Do you all catch many Perch out of Devils lake?


----------



## drjongy (Oct 13, 2003)

Not much anymore...certainly not like it used to be.


----------



## Ed's Bait (Jul 26, 2002)

Welcome Casino Cup Anglers. We wish you all the best of luck. Anglers 
continue to report good walleye action in most parts of Devils Lake for smaller 
fish, but the larger fish have been harder to come by. Fish are largely being 
found using typical mid to late summer patterns. These include working the 
edges of well defined weedbeds and deeper rocky point areas including sunken 
roads. Some of the better areas for walleyes have been the sunken refuge road 
in Pelican Lake, the edges of weedbeds in Pelican and the Flats, the Golden 
Highway, the gap area, the sunken points and humps of the Flats, the Doc Hagens 
area, Ft. Totten/Cactus Points, Five Crows, the Stromme Addition area, the 
south end of Black Tiger Bay, and East Devils Lake. In these areas anglers are 
trolling deeper running cranks such as reef runners and taildancers or smaller 
cranks such as jointed shad raps and hornets behind leadcore; slip bobbering 
in the trees; pitching jigs with plastic or cranks such as shad raps into the 
edges and openings in weedbeds; or trolling bottom bouncers with spinners along 
deeper weed edges or sunken rocky structure. Pike continue to be caught along 
with walleyes in most parts of the lake. White bass seem to be everywhere this 
year with large schools being easily recognizable as they feed on the top of 
the water and move through areas. Shore fisherman continue to report good 
success in the early morning and evening hours. Best spots continue to be the 
Acorn Ridge area, north end of Creel Bay along Hwy 19, any of the bridges, and 
the area from West Bay Resort to Minnewauken. Good Luck & Good Fishing!!!


----------



## Ed's Bait (Jul 26, 2002)

Welcome Western Walleye?s Lowrance Pro Team Championship qualifiers to Devils 
Lake . We wish you all the best of luck next week. Most anglers have been 
reporting a bit tougher fishing the past week. While they?re catching a lot of 
smaller fish, finding eating sized and larger fish has been more difficult. 
Those doing better are moving around and trying to find smaller groups of more 
active fish. Some spots that are producing fish include the sunken roads in 
the Flats and Pelican, Bud Bay, Doc Hagens, the Ft.

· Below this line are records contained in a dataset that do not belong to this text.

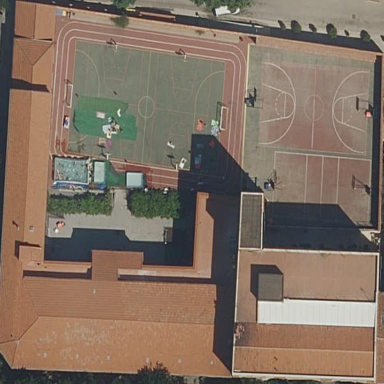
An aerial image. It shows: School.
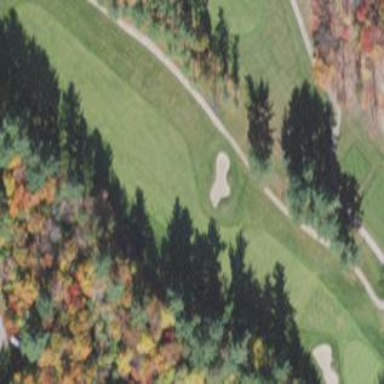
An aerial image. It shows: Grassy area designated as golf fairway.
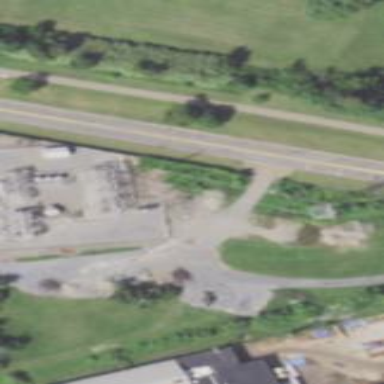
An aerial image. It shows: Substation surrounded by fence.
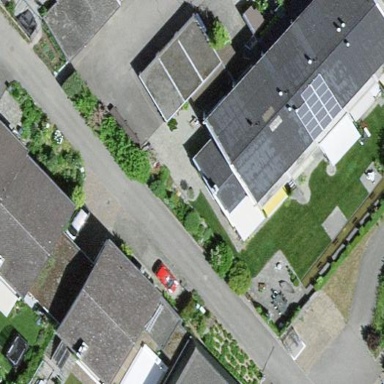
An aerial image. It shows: Terrace building.
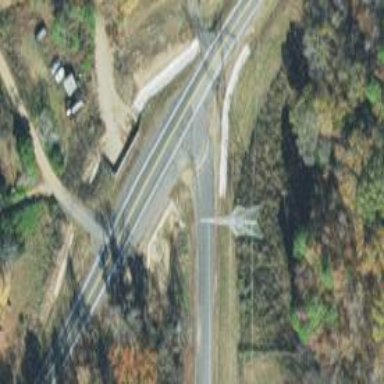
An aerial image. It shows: Beam bridge on secondary road.
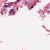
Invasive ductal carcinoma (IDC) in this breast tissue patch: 1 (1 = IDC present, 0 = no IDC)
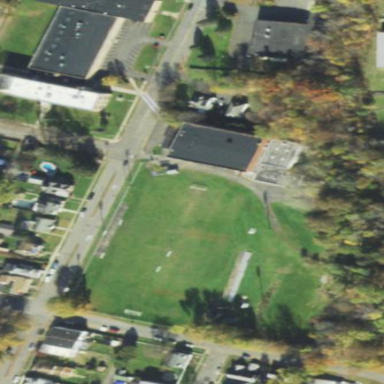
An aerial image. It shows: School.
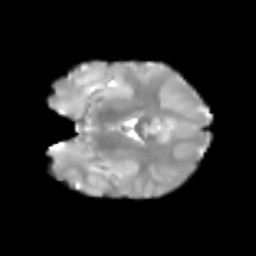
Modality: T2w
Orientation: coronal
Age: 6
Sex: female
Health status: healthy

Totten/Cactus area, Five 
Crows, Stromme Addition, and the south end of Black Tiger. In these areas 
anglers are trolling cranks such as jointed shad raps, salmos, & reef runners 
or bottom bouncers with spinners. White bass populations seem to really have 
boomed and are being caught in most all areas of the lake. Small cranks or 
jigs with minnows are working the best. Shore fisherman continue to report 
good fishing in the evening hours. The better areas continue to be the 
bridges, the north end of Creel Bay, the Acorn Ridge area, and the area near 
the 19/281 intersection. Good Luck & Good Fishing!!!


----------



## Ed's Bait (Jul 26, 2002)

With the ending of summer and the start of hunting season, fisherman
numbers on
Devils Lake are on the decline. Those going out are reporting mixed success.
Some anglers are doing very well while other have been struggling to find
eating sized fish. Those doing best are moving around until they find more
active schools. The better patterns continue to be working old sunken
shorelines and the edges of weedbeds, but some are also reporting some good
success pitching cranks in shallower water as well. Some of the better areas
continue to be old shoreline and sunken roads in Pelican for larger fish, the
Golden Highway, and the north end of Six Mile Bay along the east side, Bud
Bay,
the Ft. Totten/Cactus area, Stromme Addition, and the outlet area in East
Devils Lake. In these areas anglers are trolling cranks such as jointed shad
rap, wally divers, hornets, and bullheads, or running bottom bouncers with
spinners. Pike and walleye continue to be caught along with walleyes in most
areas. Shore fisherman are reporting good success at the bridges, the area
near
the 19/281 intersection, and the coulees and upper lakes from Pelican to Lake
Alice. Jigs with plastic or cranks such as rattletraps, countdowns, & shad
raps have all been working well. Good Luck & Good Fishing!!!


----------